Ukraine-Taïwan: la marche vers la guerre

Les conflits sont-ils vraiment évitables ? Si l’OTAN avait montré moins de fermeté avec la Russie, qu’aurait-on dit ? On aurait sans doute parlé d’un nouvel « accord de Munich ». Mais en l’occurrence, dans cette nouvelle phase de l’Histoire, c’est l’Occident qui ne cesse d’avancer vers l’Est et de se rapprocher dangereusement de Moscou. On se rappelle de la déclaration de Vladimir Poutine d’il y a quelques années: « Je ne sais pas comment tout cela va se terminer, mais je ne peux pas faire autrement. » Si l’OTAN s’installe aujourd’hui à Kiev, qui empêchera demain l’organisation atlantique de finir de déstabiliser Loukachenko, fort mal en point en Biélorussie, et d’installer demain ses missiles à Minsk ? Jusqu’où Poutine pourra-t-il reculer sans tomber ? Au Kazakhstan, il a dû envoyer des troupes russes pour empêcher la révolte populaire d’emporter le régime du successeur de l’autocrate Nazarbaïev, le peu populaire Tokaïev. Ce dernier a même ordonné à l’armée de tirer sur la foule.

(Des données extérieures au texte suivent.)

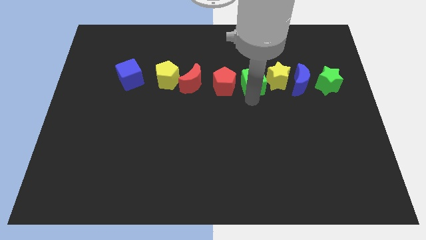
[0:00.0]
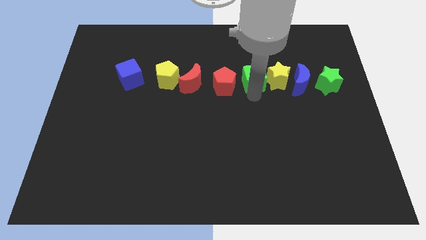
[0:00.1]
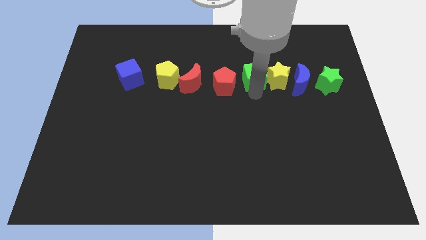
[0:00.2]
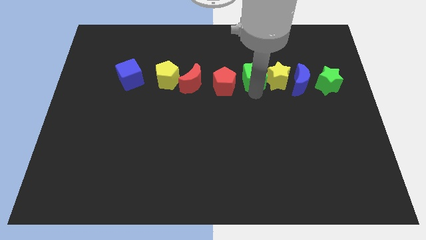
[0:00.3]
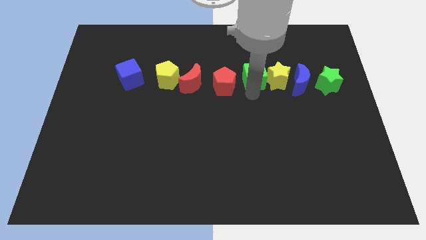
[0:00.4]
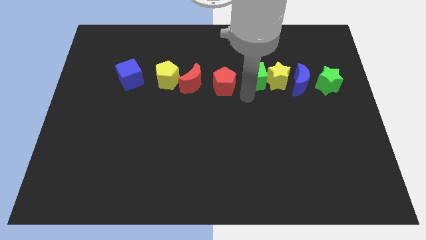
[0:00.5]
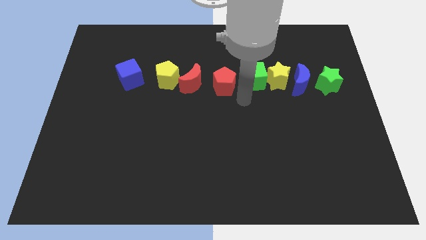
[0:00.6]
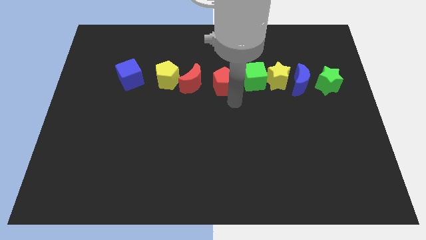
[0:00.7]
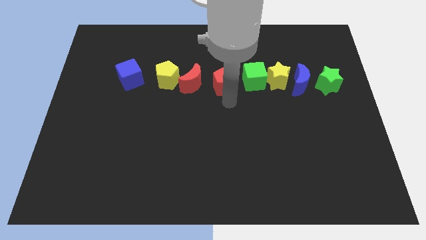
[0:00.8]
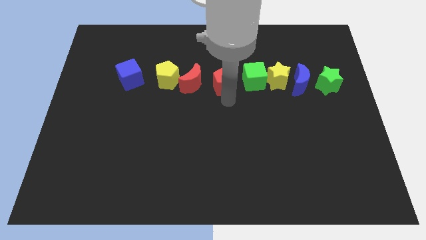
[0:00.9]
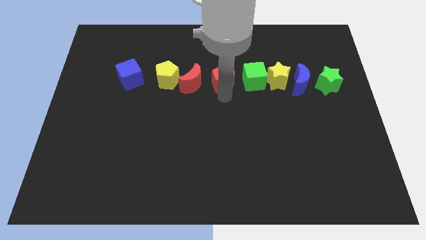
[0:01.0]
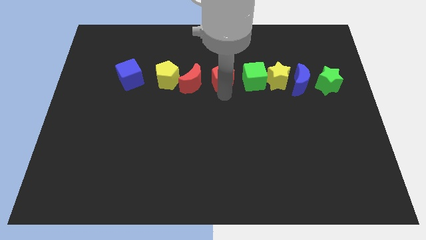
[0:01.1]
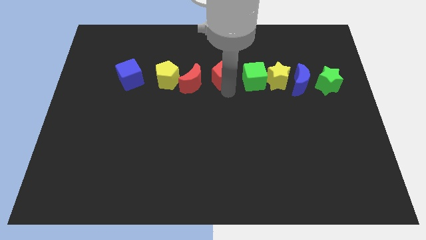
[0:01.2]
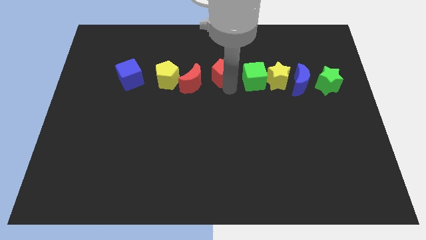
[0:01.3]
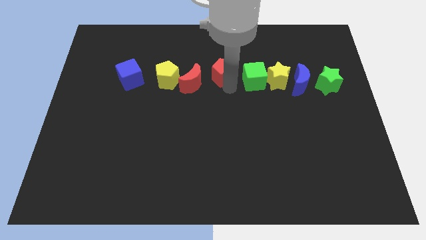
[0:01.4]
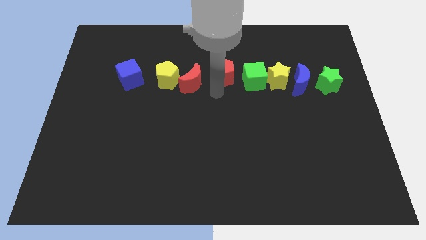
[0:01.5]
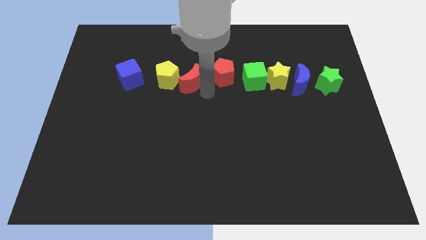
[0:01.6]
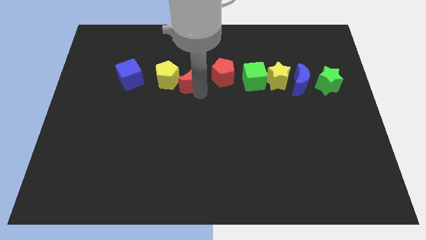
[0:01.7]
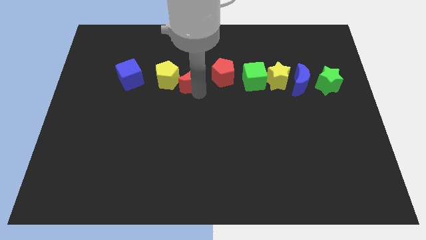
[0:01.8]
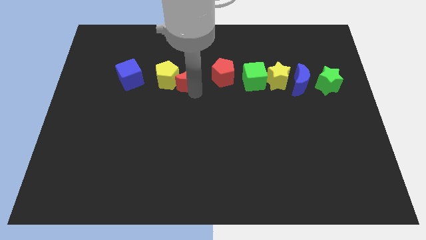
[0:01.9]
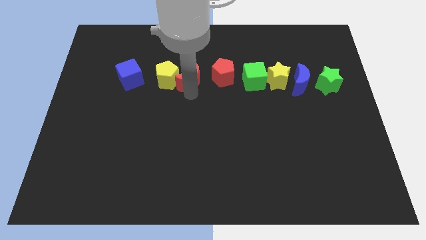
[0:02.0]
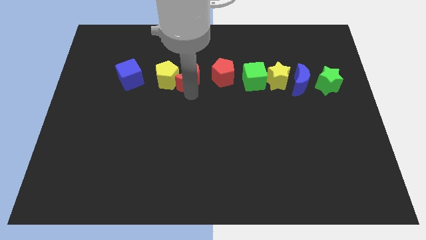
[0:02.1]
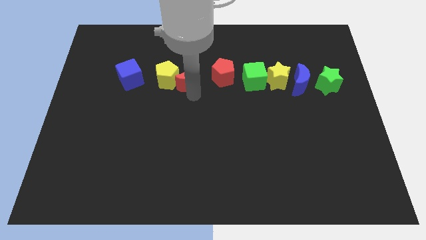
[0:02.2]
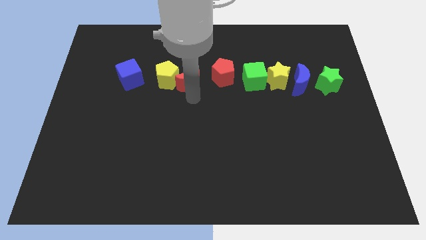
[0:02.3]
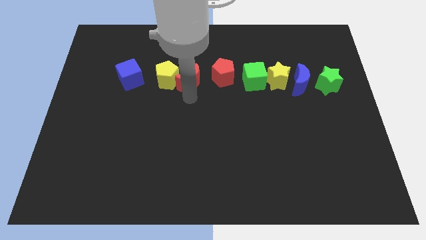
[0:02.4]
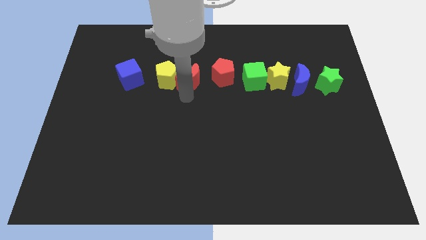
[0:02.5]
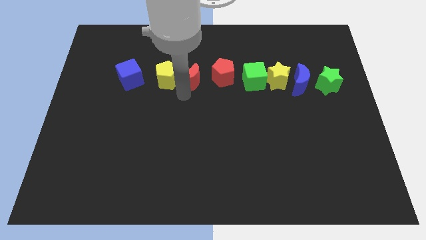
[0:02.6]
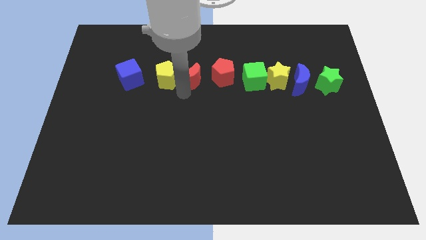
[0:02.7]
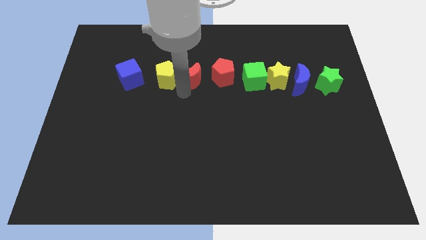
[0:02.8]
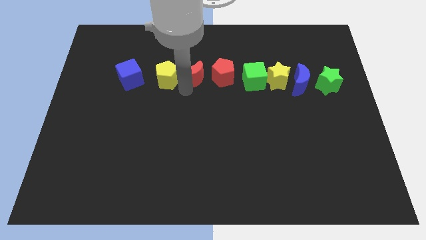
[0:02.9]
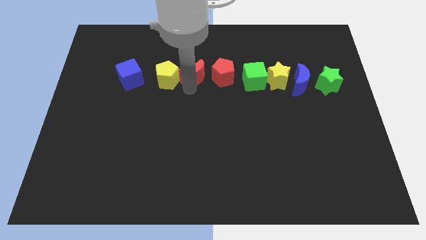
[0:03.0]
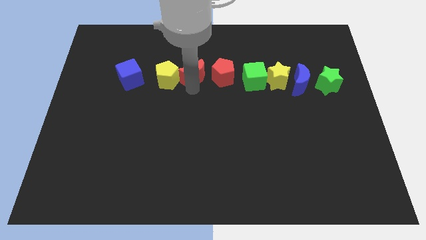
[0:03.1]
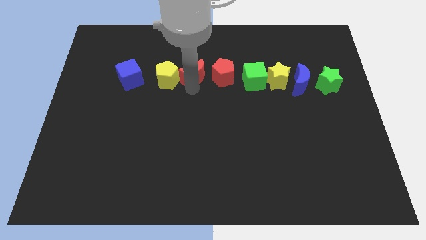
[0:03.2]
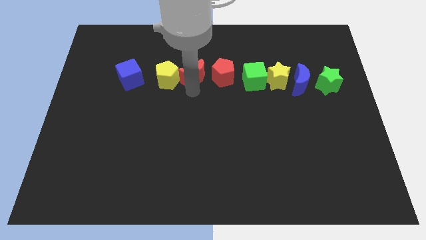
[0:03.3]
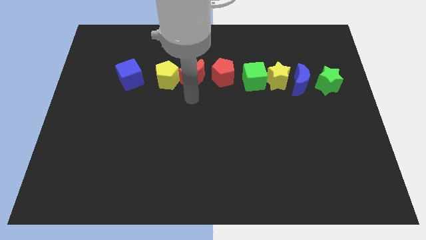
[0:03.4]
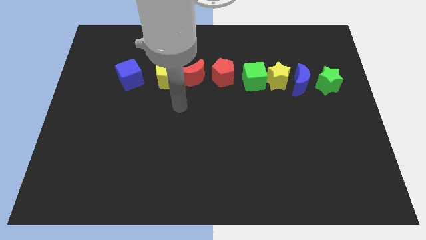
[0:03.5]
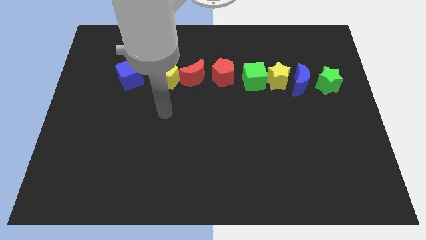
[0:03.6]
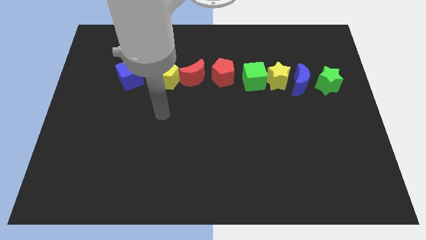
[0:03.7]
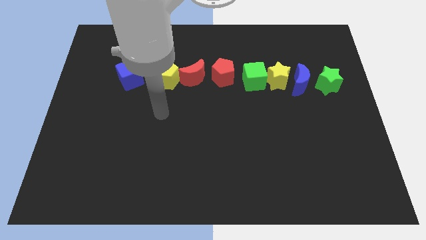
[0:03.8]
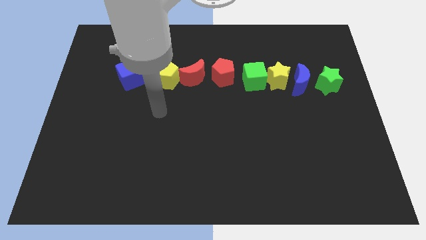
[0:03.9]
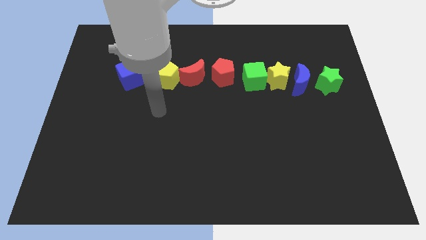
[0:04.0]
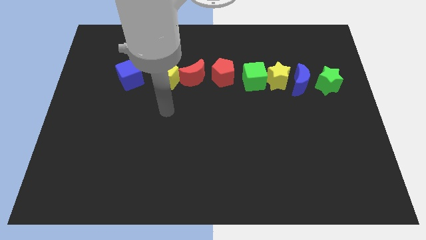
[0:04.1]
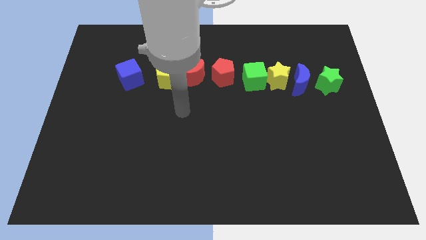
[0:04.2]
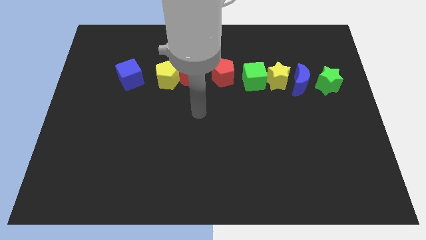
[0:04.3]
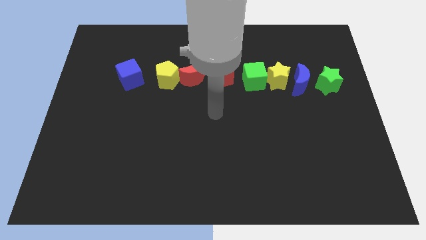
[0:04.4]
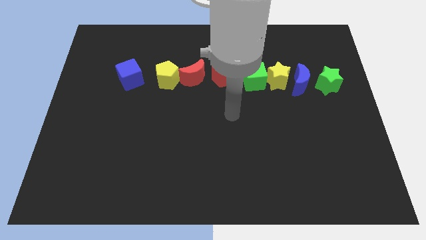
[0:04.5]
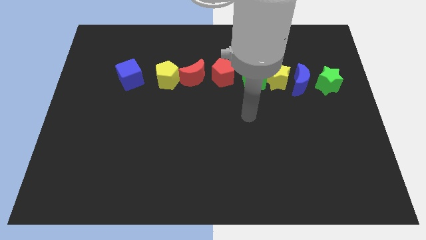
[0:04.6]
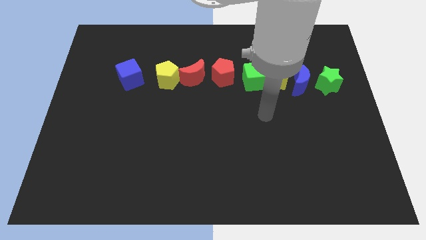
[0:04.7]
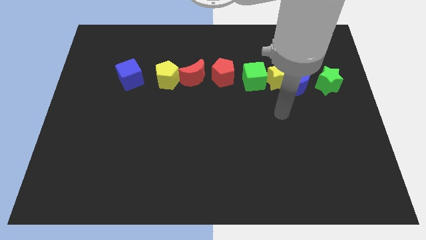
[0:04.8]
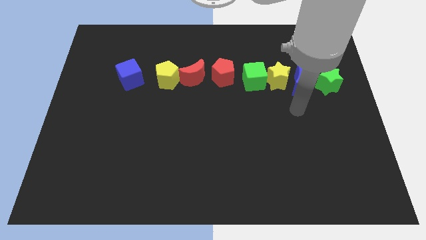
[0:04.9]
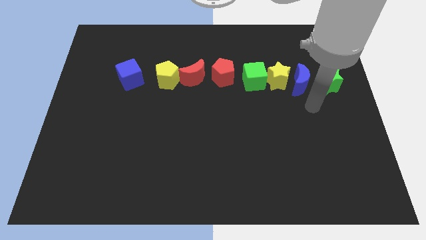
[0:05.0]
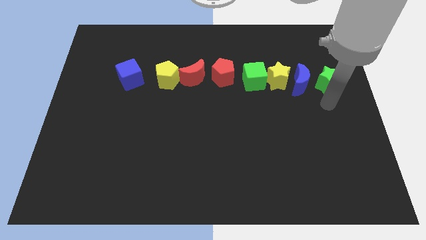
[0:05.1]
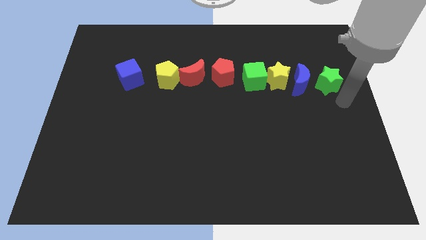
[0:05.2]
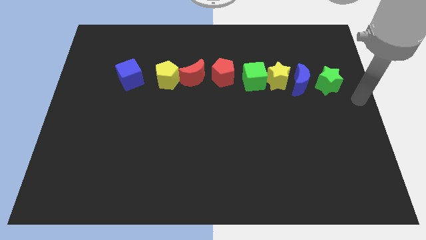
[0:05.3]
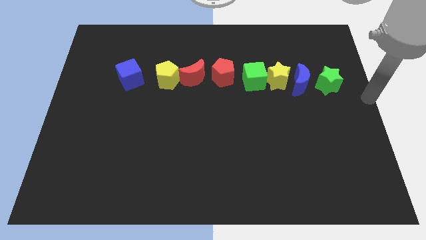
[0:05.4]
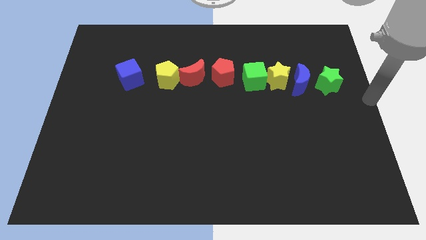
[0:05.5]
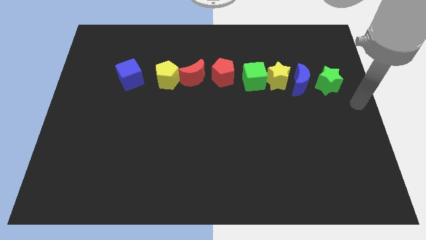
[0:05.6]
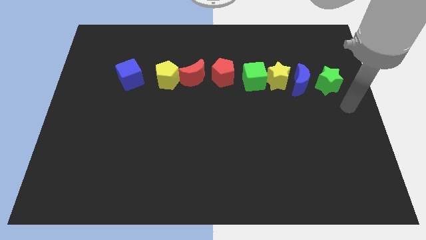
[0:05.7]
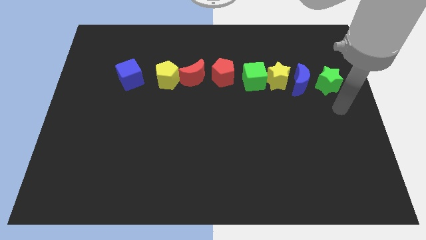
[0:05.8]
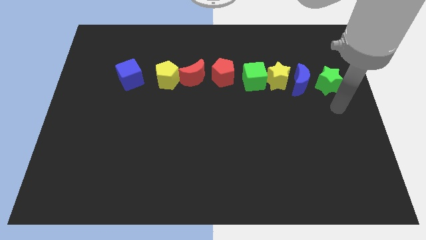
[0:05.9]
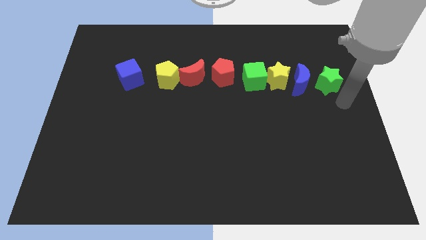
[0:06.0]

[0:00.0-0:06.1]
adjust all the blocks in a horizontal line

C’est dire si, de toute part, le navire russe prend l’eau. Alors le maître du Kremlin n’a d’autre choix que d’avancer pour ne pas reculer. Il met un point d’honneur à ne pas céder sur l’adhésion de l’Ukraine à l’OTAN. Quitte à précipiter le monde dans la guerre totale.

Du côté américain, Joe Biden n’est pas non plus dans une excellente situation. Son début de mandat est catastrophique et on a fini par se rendre compte que, à l’instar de François Hollande en France, son peuple ne l’a porté à la magistrature suprême que pour une seule raison: faire déguerpir son prédécesseur. En outre, il a montré son manque total de diplomatie en ayant traité Vladimir Poutine de « tueur » à la télévision devant des millions de téléspectateurs médusés. Sans doute croit-il qu’un affrontement avec la Russie peut redorer son étoile ternie, mais il semble que lui non plus ne mesure pas les conséquences de ses actes.

Côté chinois, par contre, on se frotte les mains. Xi Jinping subit de plein fouet les effets de la guerre commerciale qu’a lancé contre lui le gouvernement américain et il n’attend qu’une chose: que les Russes allument l’étincelle pour en découdre avec l’Oncle Sam sur l’éternel sujet de désaccord: Taïwan. De l’autre côté du détroit, on se prépare depuis longtemps à cet affrontement, mais les Etats-Unis pourraient se retrouver à combattre sur deux fronts en même temps et devoir faire le choix de diviser leurs forces. Certes, cela ne les a pas empêché de gagner la Seconde Guerre Mondiale contre les Japonais et les Allemands en même temps, mais il semble que les adversaires d’aujourd’hui ne soient pas du même acabit.

Reste enfin un dernier acteur: l’Union Européenne. La perspective de la guerre n’a fait que renforcer l’union entre ses membres. Tous ont réagi unanimement concernant les sanctions à appliquer à la Biélorussie, mais il reste à résoudre le cas épineux du maître de Budapest, Viktor Orban, qui penche toujours du côté de Moscou. Un autre problème resurgira également du côté du moteur franco-allemand: si la guerre se déclenche vers la mi-février comme le pensent les experts, la France sera en pleine campagne présidentielle et l’élément moteur de l’Union sur le plan militaire, en l’absence du Royaume-Uni, ne pourra jouer pleinement son rôle. C’est sans doute un coup à jouer pour Vladimir Poutine.